In the afternoon of May 15, 1911, the Supreme Court convened here in the Capitol, where it sat from 1860 to 1935. Expectations were high that the Court would announce a major antitrust decision. The line of people waiting to get in extended across the Capitol Rotunda. The Attorney General and members of Congress were present.

At about 4 pm, the Chief Justice began to deliver the Court’s opinion in Standard Oil v. United States, upholding the finding of antitrust violations and ordering that the giant trust be broken apart.

In those days, Standard Oil was almost synonymous with antitrust. Indeed the word “antitrust” itself came from the belief that Standard Oil and other trusts were harmful to the American economy and to American democracy.

But the reaction to the Standard Oil decision was counter-intuitive. Business liked it. The progressives did not.

Why? Because the Supreme Court had announced the so-called Rule of Reason under which a court applying Section 1 of the Sherman Act asks if an agreement unreasonably restrains competition.

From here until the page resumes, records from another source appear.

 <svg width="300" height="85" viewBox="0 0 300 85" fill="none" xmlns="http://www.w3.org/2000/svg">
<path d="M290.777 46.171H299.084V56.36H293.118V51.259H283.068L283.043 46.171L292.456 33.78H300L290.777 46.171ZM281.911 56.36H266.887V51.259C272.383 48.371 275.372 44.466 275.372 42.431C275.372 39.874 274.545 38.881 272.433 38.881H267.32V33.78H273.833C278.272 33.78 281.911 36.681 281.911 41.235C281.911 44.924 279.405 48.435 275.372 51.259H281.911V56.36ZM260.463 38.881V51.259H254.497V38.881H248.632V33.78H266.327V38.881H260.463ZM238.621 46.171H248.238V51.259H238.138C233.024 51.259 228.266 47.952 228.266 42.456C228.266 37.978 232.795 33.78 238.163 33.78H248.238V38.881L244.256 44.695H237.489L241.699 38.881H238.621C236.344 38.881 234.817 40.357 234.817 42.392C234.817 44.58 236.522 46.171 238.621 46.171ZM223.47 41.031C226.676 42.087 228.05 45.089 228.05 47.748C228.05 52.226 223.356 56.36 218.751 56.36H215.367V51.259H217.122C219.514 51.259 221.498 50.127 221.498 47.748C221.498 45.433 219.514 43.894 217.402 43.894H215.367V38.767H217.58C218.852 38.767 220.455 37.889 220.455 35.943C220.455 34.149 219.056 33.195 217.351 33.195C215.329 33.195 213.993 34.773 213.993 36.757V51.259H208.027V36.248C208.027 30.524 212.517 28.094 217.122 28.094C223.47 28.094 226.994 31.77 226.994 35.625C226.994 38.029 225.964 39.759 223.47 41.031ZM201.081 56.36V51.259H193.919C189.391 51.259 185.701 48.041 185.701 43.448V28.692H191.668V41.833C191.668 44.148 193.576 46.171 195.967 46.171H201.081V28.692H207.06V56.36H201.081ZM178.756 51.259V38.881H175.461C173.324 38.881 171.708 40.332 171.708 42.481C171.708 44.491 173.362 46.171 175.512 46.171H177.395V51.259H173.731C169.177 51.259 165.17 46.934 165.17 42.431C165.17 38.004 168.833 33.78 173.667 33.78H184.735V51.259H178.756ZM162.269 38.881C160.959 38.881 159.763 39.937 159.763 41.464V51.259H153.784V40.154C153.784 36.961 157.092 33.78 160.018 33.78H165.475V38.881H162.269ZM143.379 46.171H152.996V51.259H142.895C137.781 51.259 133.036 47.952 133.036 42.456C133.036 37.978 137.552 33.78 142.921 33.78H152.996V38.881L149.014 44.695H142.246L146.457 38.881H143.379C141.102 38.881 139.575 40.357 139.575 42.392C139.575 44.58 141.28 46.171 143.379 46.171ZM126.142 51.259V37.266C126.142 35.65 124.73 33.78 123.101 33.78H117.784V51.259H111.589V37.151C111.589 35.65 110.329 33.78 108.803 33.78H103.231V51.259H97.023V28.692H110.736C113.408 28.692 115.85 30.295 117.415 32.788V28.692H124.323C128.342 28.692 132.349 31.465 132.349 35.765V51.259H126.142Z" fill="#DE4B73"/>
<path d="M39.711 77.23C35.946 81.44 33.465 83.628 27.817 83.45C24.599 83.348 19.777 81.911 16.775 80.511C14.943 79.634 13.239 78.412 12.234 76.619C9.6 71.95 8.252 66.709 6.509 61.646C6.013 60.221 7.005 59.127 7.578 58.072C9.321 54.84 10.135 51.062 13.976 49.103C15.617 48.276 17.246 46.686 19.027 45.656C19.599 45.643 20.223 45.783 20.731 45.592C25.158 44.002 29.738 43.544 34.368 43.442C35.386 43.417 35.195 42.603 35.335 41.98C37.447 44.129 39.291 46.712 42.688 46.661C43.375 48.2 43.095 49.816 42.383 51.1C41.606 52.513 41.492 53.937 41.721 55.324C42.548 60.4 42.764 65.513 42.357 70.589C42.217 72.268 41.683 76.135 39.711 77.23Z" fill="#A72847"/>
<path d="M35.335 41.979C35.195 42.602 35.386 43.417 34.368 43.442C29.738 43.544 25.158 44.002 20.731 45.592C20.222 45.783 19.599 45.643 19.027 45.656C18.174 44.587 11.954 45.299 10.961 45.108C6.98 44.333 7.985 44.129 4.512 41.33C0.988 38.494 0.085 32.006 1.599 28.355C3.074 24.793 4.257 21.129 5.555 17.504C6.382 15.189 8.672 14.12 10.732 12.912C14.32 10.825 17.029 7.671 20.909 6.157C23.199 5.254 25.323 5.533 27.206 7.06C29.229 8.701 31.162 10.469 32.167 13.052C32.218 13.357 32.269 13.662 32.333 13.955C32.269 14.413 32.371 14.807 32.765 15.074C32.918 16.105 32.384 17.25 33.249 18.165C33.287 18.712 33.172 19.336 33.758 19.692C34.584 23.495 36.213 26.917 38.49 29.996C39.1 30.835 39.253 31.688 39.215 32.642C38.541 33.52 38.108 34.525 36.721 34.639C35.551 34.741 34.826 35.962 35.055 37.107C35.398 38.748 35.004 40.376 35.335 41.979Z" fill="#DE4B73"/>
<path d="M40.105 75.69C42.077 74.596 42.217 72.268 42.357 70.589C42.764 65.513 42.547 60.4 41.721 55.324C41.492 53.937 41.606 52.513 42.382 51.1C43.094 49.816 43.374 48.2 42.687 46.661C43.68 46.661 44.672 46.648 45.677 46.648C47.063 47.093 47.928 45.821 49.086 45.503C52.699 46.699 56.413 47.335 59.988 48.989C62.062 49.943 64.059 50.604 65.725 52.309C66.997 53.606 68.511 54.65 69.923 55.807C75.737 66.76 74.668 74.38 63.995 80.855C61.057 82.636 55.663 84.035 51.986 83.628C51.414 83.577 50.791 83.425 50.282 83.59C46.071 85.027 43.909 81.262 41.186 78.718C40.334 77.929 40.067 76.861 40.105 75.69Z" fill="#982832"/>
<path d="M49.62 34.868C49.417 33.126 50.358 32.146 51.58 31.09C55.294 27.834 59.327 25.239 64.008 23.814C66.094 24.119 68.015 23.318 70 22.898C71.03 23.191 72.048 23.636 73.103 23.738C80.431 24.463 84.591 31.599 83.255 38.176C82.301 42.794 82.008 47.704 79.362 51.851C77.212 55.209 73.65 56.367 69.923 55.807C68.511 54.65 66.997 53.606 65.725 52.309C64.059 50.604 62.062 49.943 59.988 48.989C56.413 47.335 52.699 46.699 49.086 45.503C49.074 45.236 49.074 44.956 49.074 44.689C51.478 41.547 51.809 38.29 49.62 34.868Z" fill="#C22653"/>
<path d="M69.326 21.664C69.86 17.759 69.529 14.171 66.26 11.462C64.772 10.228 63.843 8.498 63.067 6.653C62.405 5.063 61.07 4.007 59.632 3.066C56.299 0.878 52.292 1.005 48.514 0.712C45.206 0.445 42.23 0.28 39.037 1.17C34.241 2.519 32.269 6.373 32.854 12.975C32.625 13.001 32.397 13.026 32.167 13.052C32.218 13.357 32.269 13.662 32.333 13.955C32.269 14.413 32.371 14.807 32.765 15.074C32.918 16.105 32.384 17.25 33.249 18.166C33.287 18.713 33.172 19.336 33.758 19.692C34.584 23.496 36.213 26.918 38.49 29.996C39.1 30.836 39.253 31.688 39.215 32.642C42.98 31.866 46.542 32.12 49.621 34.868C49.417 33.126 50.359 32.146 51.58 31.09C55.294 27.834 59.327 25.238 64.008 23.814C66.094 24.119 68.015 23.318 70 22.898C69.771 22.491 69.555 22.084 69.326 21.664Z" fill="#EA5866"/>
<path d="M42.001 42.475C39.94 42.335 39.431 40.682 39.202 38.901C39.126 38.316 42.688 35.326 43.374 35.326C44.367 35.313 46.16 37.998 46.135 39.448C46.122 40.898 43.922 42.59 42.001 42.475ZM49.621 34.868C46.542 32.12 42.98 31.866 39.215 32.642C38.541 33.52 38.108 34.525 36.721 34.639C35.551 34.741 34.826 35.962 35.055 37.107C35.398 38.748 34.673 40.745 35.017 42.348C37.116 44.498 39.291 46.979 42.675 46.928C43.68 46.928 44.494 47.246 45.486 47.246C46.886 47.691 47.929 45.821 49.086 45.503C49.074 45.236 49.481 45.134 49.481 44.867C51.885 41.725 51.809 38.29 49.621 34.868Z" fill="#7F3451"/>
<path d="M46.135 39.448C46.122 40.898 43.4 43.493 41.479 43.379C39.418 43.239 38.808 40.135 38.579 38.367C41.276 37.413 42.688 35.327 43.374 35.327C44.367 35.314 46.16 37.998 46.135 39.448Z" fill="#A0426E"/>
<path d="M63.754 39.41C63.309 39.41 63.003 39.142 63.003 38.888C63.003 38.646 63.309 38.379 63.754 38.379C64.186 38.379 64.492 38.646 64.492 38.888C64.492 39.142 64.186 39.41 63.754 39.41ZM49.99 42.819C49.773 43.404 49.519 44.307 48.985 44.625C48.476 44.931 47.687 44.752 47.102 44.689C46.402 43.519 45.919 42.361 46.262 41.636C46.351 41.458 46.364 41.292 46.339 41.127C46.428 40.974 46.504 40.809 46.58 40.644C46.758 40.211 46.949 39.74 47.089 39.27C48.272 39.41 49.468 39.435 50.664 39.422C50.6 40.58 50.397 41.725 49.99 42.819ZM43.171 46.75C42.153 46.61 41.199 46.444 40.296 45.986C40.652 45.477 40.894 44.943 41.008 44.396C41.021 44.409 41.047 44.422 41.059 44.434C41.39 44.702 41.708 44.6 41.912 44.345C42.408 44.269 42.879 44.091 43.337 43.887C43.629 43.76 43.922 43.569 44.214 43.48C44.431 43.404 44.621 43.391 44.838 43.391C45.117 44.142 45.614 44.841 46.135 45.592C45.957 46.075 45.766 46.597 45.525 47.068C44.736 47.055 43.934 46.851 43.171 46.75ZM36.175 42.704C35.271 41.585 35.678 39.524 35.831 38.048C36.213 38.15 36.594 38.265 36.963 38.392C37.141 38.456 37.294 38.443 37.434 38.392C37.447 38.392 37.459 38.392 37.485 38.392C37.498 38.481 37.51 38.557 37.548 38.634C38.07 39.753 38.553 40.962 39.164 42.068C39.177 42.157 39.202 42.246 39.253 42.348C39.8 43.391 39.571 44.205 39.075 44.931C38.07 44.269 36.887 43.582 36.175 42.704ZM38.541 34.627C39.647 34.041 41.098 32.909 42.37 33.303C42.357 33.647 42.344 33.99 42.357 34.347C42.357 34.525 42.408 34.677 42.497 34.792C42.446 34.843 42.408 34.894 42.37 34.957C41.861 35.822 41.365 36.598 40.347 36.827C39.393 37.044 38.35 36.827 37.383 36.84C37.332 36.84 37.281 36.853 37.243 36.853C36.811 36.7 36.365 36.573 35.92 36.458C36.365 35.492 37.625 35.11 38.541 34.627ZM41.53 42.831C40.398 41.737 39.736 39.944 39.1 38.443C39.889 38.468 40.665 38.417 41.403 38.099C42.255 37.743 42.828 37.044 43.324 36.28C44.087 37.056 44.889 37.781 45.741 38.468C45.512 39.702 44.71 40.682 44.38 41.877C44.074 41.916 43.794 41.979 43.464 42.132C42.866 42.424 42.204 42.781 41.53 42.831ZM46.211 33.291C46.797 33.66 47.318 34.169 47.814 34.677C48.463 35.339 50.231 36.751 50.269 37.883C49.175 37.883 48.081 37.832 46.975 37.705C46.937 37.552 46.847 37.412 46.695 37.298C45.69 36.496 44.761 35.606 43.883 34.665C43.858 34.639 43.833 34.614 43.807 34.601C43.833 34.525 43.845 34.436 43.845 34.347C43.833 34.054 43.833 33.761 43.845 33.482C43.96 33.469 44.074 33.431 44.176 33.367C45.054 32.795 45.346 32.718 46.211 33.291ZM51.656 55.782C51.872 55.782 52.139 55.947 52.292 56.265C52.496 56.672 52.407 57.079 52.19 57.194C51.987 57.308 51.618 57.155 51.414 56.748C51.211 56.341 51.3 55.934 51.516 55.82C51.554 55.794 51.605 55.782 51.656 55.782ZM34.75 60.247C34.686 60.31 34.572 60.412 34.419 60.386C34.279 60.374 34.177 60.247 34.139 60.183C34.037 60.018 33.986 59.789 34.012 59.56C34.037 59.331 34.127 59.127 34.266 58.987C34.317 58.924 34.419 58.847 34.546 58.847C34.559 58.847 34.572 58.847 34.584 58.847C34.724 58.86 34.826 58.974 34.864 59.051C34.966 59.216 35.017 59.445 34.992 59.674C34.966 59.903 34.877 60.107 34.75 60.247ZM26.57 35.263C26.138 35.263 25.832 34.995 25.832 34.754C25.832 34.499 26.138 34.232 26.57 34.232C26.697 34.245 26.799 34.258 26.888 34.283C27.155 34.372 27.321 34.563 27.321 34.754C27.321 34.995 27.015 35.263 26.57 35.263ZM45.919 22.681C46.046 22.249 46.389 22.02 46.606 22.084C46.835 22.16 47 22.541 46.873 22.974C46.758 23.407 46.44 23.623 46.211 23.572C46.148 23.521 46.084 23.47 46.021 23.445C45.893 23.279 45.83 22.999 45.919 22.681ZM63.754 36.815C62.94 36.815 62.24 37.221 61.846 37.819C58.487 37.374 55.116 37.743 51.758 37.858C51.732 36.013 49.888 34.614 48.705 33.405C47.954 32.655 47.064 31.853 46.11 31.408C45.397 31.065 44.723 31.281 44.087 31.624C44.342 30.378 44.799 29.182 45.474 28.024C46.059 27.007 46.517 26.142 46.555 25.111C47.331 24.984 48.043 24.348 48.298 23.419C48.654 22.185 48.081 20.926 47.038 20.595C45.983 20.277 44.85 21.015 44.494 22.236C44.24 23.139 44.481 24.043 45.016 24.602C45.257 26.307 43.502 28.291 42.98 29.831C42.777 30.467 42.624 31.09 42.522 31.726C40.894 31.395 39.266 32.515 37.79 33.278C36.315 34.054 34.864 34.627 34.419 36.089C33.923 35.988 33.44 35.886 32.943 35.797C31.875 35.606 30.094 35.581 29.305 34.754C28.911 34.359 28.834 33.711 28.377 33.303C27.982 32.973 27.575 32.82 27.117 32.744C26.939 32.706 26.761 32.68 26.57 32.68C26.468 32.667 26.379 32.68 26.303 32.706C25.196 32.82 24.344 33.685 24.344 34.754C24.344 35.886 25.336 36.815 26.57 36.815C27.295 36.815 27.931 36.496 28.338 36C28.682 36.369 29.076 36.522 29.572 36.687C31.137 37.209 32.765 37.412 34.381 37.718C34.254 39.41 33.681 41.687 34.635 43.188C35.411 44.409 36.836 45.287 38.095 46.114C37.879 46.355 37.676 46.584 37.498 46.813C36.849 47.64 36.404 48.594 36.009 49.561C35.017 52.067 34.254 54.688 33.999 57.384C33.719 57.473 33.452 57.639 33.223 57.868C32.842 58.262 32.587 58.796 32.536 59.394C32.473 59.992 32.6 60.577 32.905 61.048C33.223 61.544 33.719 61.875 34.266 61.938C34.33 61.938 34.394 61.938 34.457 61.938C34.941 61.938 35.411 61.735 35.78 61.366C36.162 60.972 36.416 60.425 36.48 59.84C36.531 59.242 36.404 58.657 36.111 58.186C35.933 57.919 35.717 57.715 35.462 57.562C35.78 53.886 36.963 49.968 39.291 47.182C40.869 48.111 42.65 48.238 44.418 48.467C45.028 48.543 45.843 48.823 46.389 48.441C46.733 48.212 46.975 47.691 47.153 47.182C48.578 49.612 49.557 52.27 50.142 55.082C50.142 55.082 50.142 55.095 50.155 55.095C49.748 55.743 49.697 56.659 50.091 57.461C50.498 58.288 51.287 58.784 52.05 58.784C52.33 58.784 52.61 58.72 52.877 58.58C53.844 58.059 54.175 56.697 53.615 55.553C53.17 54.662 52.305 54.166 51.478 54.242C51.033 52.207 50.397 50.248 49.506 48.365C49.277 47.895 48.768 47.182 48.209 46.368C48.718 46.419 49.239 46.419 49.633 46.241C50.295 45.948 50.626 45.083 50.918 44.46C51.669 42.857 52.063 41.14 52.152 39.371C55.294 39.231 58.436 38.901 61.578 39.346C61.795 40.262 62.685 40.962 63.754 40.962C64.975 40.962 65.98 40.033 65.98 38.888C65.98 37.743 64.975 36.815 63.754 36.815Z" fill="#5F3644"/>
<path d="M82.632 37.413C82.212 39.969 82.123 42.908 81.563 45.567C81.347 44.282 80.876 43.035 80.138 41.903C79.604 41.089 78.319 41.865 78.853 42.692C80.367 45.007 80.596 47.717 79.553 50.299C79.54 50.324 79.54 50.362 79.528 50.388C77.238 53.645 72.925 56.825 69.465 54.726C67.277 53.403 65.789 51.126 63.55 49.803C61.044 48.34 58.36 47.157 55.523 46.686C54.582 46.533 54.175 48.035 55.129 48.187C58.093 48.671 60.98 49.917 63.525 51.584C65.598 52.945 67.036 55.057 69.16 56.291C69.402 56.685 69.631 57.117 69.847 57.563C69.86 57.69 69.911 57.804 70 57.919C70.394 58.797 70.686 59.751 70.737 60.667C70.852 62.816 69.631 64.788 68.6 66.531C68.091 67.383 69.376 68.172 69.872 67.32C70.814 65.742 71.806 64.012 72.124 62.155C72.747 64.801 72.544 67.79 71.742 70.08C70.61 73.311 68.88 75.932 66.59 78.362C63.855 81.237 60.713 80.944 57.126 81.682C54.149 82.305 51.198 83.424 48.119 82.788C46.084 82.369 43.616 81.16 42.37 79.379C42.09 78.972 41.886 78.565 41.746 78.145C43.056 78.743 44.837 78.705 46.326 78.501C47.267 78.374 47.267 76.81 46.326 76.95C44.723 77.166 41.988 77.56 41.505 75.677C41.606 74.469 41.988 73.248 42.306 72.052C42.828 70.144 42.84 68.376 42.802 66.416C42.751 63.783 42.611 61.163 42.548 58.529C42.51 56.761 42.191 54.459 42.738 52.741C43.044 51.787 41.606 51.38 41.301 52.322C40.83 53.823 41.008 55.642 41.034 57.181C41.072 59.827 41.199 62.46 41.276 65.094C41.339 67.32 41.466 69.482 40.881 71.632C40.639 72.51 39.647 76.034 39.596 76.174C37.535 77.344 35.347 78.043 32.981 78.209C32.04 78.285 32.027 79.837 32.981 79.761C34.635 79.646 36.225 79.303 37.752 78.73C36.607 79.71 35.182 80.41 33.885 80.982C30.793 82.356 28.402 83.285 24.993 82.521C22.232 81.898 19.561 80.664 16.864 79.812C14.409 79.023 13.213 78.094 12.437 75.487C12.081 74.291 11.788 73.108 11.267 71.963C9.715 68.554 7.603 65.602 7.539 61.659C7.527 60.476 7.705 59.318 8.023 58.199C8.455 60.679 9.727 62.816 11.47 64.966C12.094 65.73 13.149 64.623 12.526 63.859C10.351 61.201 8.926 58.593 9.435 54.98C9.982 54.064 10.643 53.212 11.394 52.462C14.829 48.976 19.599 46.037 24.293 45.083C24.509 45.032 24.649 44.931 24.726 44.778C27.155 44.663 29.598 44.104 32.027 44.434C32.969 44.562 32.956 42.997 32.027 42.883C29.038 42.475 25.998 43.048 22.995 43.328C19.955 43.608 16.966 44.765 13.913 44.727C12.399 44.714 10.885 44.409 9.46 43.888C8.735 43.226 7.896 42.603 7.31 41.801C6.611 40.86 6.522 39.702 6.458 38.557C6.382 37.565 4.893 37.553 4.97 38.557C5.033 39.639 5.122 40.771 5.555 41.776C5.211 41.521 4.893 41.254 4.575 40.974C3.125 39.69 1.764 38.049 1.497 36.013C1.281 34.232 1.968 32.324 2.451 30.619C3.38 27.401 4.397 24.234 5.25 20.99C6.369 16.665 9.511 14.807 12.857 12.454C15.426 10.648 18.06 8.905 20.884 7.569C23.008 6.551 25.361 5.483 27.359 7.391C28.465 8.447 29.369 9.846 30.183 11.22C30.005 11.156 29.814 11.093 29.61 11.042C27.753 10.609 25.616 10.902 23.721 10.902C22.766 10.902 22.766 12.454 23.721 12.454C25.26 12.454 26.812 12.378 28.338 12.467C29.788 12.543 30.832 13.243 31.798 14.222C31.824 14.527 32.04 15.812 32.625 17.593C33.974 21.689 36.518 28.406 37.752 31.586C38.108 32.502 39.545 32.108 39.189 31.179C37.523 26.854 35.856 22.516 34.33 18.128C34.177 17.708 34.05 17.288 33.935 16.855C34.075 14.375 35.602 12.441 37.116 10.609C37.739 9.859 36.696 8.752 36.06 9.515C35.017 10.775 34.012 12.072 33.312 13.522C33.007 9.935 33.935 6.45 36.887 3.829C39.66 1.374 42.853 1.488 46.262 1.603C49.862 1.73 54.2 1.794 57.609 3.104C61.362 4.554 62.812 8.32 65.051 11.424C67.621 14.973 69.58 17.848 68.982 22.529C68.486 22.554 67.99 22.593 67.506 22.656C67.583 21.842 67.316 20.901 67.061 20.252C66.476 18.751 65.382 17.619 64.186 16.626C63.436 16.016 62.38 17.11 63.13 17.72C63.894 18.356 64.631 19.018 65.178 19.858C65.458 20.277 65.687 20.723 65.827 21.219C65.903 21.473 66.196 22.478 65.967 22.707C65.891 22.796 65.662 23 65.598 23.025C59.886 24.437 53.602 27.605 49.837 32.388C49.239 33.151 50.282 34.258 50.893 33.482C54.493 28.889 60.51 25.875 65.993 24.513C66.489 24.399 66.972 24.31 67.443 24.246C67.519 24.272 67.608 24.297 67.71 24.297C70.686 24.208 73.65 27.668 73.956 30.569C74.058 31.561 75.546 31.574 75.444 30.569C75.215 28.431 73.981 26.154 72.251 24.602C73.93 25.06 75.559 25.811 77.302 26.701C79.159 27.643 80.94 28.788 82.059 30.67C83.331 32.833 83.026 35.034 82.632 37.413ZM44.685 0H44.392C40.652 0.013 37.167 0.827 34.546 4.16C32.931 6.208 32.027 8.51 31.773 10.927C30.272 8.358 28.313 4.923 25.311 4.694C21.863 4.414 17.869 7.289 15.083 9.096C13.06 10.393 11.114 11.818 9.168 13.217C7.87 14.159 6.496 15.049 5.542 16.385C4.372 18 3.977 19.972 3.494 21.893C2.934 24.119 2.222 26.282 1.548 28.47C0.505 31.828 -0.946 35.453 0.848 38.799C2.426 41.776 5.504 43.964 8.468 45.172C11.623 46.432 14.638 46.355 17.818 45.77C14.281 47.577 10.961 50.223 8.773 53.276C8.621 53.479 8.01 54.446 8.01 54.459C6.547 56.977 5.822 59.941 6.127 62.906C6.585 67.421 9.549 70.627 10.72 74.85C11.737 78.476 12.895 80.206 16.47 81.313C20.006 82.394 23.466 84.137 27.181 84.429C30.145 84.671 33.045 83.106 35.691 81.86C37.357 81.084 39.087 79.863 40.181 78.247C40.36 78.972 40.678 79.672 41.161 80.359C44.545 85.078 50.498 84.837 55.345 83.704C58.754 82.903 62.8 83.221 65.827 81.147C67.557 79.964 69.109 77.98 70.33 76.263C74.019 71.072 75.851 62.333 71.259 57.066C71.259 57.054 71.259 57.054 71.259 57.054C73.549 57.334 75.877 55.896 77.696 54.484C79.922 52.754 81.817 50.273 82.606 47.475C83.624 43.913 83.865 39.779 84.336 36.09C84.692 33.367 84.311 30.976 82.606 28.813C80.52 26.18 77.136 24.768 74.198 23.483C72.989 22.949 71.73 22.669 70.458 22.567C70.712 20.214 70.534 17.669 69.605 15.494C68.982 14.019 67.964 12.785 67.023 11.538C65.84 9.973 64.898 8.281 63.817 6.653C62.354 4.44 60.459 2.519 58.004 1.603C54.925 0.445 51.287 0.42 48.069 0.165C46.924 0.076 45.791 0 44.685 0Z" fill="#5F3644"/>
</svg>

Progressives feared the power of the judiciary to decide what was, and was not, reasonable.

Late the next day, Tuesday May 16th, Senator Robert La Follette, the leading Republican progressive in Congress, sent a telegram to the man who was known then as the “people’s lawyer,” who authored the book entitled “The Curse of Bigness,” and who was renowned for his opposition to the trusts.  La Follette sent this telegraph to Louis Brandeis: “We need you to consider next important step in view of decision yesterday. Come immediately if possible.”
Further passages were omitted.